The AUMF remains both boon and dispensation. It was still held by Department of Defence officials during a 2013 Senate Armed Service committee hearing chaired by Carl Levin as entirely appropriate, the stuff of necessary thinking in a dangerous world (more precisely, dangerous to supposed American interests). This, despite the officials in question never naming a single enemy. A less revealing term of “associated forces” was used, suggesting bogeymen in league lurking behind curtains waiting to strike. Who cares for the evidence?
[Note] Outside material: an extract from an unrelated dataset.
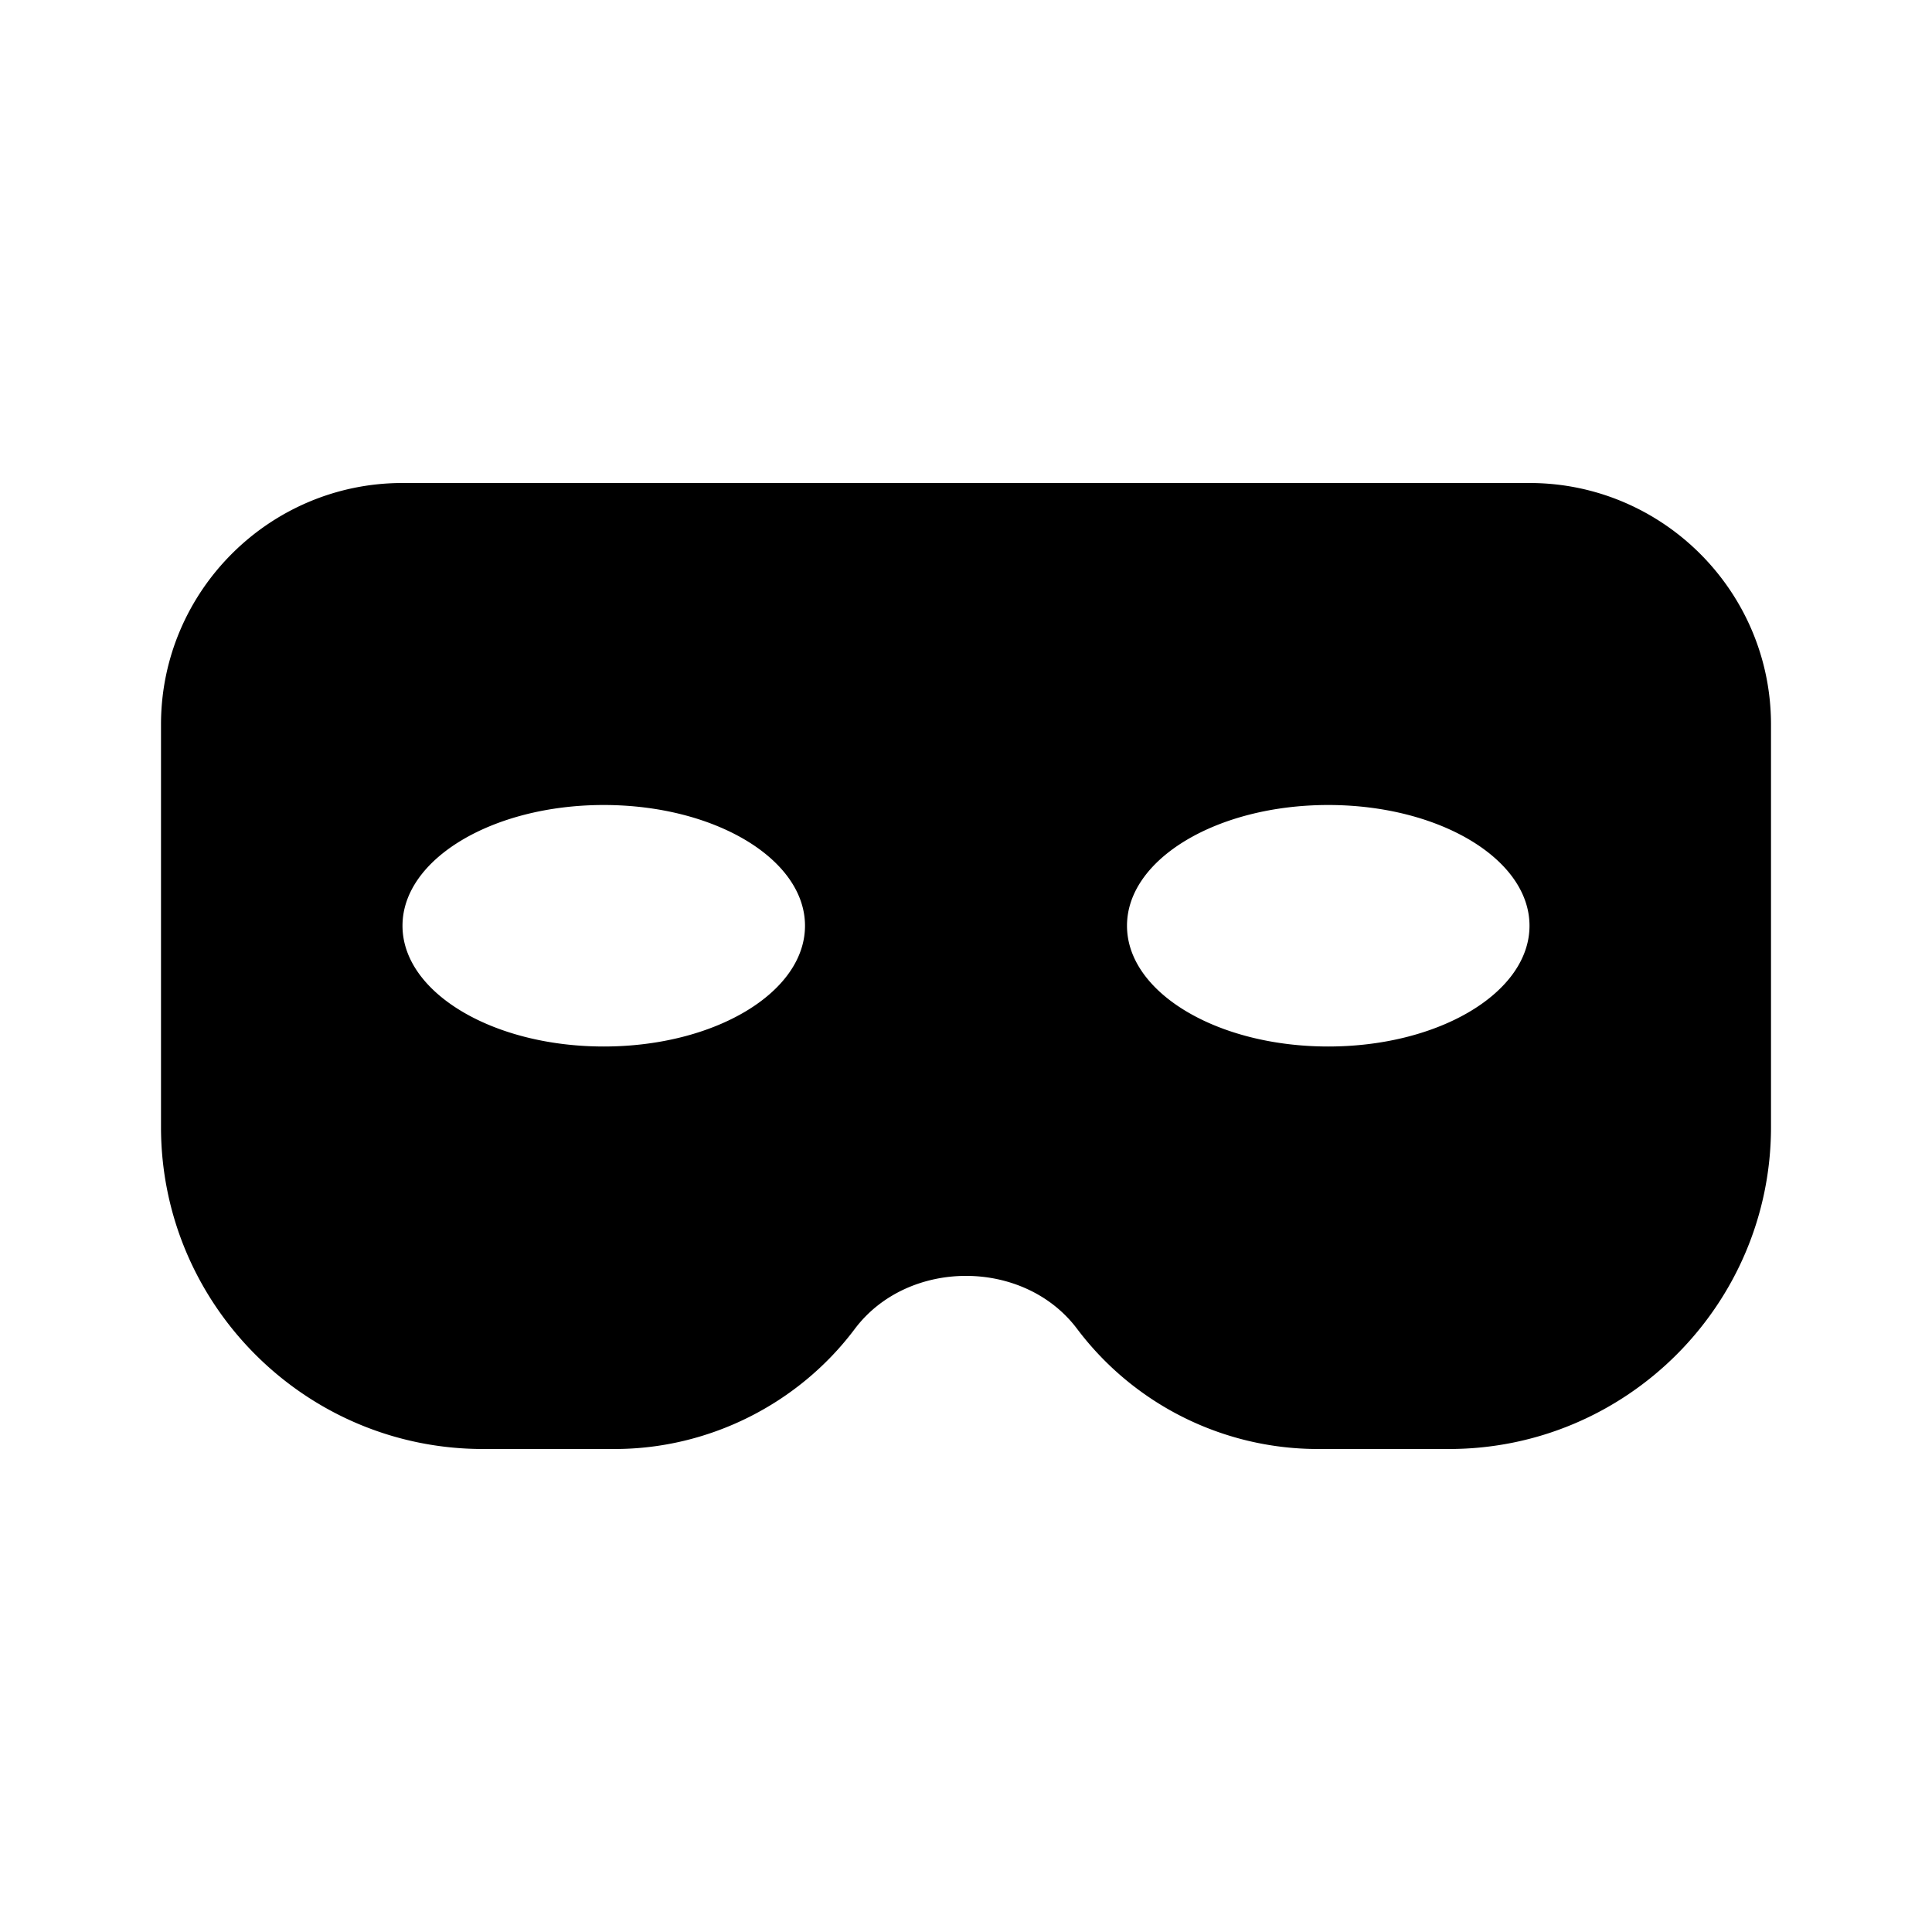 <svg xmlns="http://www.w3.org/2000/svg" fill="currentColor" stroke="none" viewBox="0 0 24 24"><path d="M19 6H5C3.346 6 2 7.346 2 9v5c0 2.206 1.794 4 4 4h1.637c1.166 0 2.28-.557 2.981-1.491.66-.879 2.104-.88 2.764.001A3.744 3.744 0 0 0 16.363 18H18c2.206 0 4-1.794 4-4V9c0-1.654-1.346-3-3-3zM7.5 13C6.119 13 5 12.328 5 11.5S6.119 10 7.5 10s2.5.672 2.5 1.5S8.881 13 7.5 13zm9 0c-1.381 0-2.5-.672-2.5-1.5s1.119-1.5 2.5-1.5 2.5.672 2.5 1.5-1.119 1.5-2.5 1.5z"/></svg>

Indeed, the legal rationale for the administration’s strategy against IS continues in the troubled footsteps of the AUMF, something highlighted by a senior official’s observations reproduced in The Guardian:
“Based on ISIL’s longstanding relationship with al-Qaida (AQ) and Usama bin Laden; its long history of conducting, and continued desire to conduct, attacks against US persons and interests, the extensive history of US combat operations against Isil dating back to the time the group first affiliated with AQ in 2004; and Isil’s position – supported by some individual members and factions of AQ-aligned groups – that it is the true inheritor of Usama bin Laden’s legacy, the President may rely on the 2001 AUMF as statutory authority for the use of force against Isil, notwithstanding the recent public split between AQ’ s senior leadership and Isil.”
Judging from such a view, the administration is moving to the startling suggestion that ISIS, or ISIL, or IS is, in fact, Al Qaeda. In so doing, there is no need to even consider that force as an actual threat at all, let alone historical realities associated with its formation.
A variant of this reasoning may well have been found in the views of the then Assistant to Obama for Homeland Security and Counterterrorism John Brennan, expressed at Harvard in 2011. “Because we are engaged in an armed conflict with Al Qaeda, the United States takes the legal position that – in accordance with international law – we have the authority to take action against Al Qaeda and its associated forces without doing a separate self-defence analysis each time.” How utterly good of him to dispense with that all too rigorous need.
Not only are we living in a world of open-ended, undeclared conflicts against unidentifiable enemies; we are inhabiting a planet run by authorities allergic to sampling, evidence and assessment, all charmed by exhortations to protect civilization, whatever that might be. Such an environment encourages woolly-headed thinking. When armed, such thinking is ultimately fatal to both life and liberty.